DESCRIPTION OF THE TASK: Below this line is a set of entries; quote exactly the lines from the line that contains "Q: Is the text italic" to the line that contains "Q: Monospaced? A: No.", both lines included.

RECORDS SHOWN:
══════════════════════════════

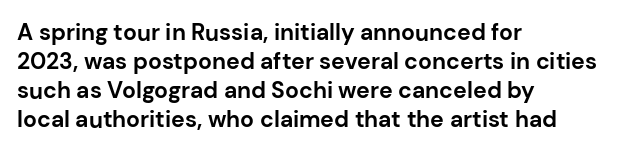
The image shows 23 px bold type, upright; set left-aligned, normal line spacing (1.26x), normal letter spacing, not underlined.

══════════════════════════════

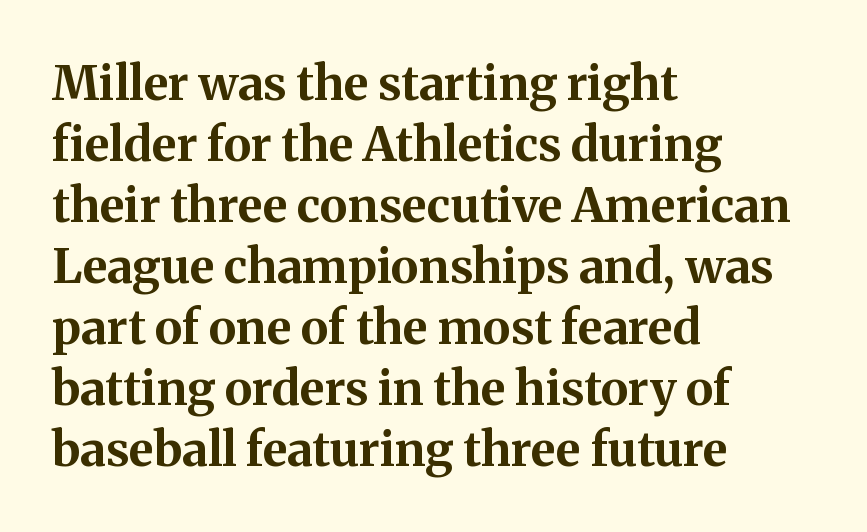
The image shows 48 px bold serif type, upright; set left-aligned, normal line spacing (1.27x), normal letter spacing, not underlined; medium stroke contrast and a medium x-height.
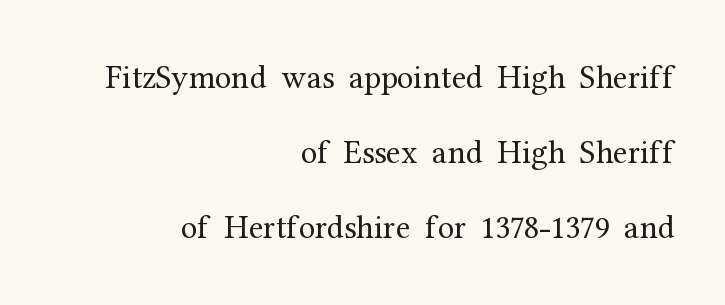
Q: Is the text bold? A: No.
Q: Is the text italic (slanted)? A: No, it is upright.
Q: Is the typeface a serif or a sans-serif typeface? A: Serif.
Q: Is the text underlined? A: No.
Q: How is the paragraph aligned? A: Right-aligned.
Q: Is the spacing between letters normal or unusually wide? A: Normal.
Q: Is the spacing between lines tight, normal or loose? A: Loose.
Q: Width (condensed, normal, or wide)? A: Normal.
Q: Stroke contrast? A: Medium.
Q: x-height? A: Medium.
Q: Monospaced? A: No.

══════════════════════════════

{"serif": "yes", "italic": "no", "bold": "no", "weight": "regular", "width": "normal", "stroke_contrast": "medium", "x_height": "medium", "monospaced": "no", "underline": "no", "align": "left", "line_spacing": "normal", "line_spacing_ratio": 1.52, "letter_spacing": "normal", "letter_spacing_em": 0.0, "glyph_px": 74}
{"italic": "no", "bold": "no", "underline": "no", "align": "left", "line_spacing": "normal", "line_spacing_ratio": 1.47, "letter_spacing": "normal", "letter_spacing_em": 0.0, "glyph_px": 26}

══════════════════════════════

TASK ANSWER:
Q: Is the text italic (slanted)? A: No, it is upright.
Q: Is the typeface a serif or a sans-serif typeface? A: Serif.
Q: Is the text underlined? A: No.
Q: How is the paragraph aligned? A: Right-aligned.
Q: Is the spacing between letters normal or unusually wide? A: Normal.
Q: Is the spacing between lines tight, normal or loose? A: Loose.
Q: Width (condensed, normal, or wide)? A: Normal.
Q: Stroke contrast? A: Medium.
Q: x-height? A: Medium.
Q: Monospaced? A: No.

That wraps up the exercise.